Step 2: Maintain continuity

While it is likely that new leaders will bring new priorities and even complete reversals of direction, the job of career employees is to keep doing what they’re doing until they’re told otherwise. The transition veterans FCW interviewed said ongoing projects need to continue at full speed. Obama and his advisers will map out priorities for his second term in due time, but until then, work needs to go on.

“Many existing programs don’t rely on day-to-day leadership by political people,” said Sandra Bates, former commissioner of GSA’s Federal Technology Service and now an executive consultant at Topside Consulting Group. “You’ve got things to do, plans to make. Keep going. If you stop and wait, you’re wasting time and losing ground.”

Sandra Bates

Sandra Bates: Maintain ongoing
programs, don't wait for direction.

Although managers should be ready and have their own transition plans in place, nothing changes until the new leadership says it does. And even then, not everything will change, said Dennis Fischer, Bates’ predecessor at FTS.

“What the operational side of agencies does is not heavily impacted by political change,” said Fischer, who briefly served as GSA acting administrator in 1993. “There will be style and substance changes on the operational side of things, but if you’re in the [Department of Veterans Affairs] paying vet benefits or [at the Federal Aviation Administration] in an aircraft control tower, stuff goes on.”

Furthermore, because it is a second term, agency managers can count on the primary priorities staying place for at least a while, Evans said. “They’re executing out on the budget the president had submitted,” she said. “Whether the Congress has approved it, that’s a whole different issue. You’ve already put together what the priorities are in fiscal year 2013. That budget was submitted two years ago. So you know what the president’s priorities are, and you’re continuing on and executing out what the president’s priorities are.”

Step 3: Be prepared to pivot

Despite the continuity, shifts are guaranteed. New directions will emerge as new challenges arise, and newly appointed agency leaders will bring their own ideas to the job. The role of agency managers is to be ready to defend good programs and relinquish those that aren’t measuring up.

Obama’s second-term choices for agency leadership are apt to be similar in philosophy to their predecessors, Balutis said, but career managers should not make the mistake of treating them the same.

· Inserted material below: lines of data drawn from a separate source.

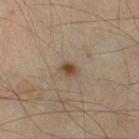patient:
  sex: male
  age_approx: 55
image:
  source: total-body photography crop
  field_of_view_mm: 15
site: right lower leg
lesion_size:
  long_diameter_mm_approx: 2.0
automated_metrics:
  area_mm2_approx: 2.5
  eccentricity: 0.7
  vs_skin_darker_L: 11.0
  color_variation_0_10: 2.0
  nevus_likeness_0_100: 95
  lesion_detection_confidence_0_100: 100

“It’s going to be a different person with a different personality,” he said. “They don’t come in with the idea of, ‘All I want to do is continue all those things my predecessor put on the table.’ Most of them want to make their own mark, they want to leave their own legacy, and they come in with their own ideas.”

The job of a career executive or manager is not to protect one’s turf, Evans said. It’s to help the new leaders make choices about the agency’s work.

“I would be very open and direct about what would work and what would not work and what it would take to make something work,” she said. “Then policy officials can make those determinations.”

“Part of your role is a long-term stewardship responsibility,” Balutis said. “You’re not there to serve a particular administration. The oath is to the country.”

Anne Armstrong, Frank Konkel, Troy K. Schneider, Camille Tuutti and Matthew Weigelt contributed to this report.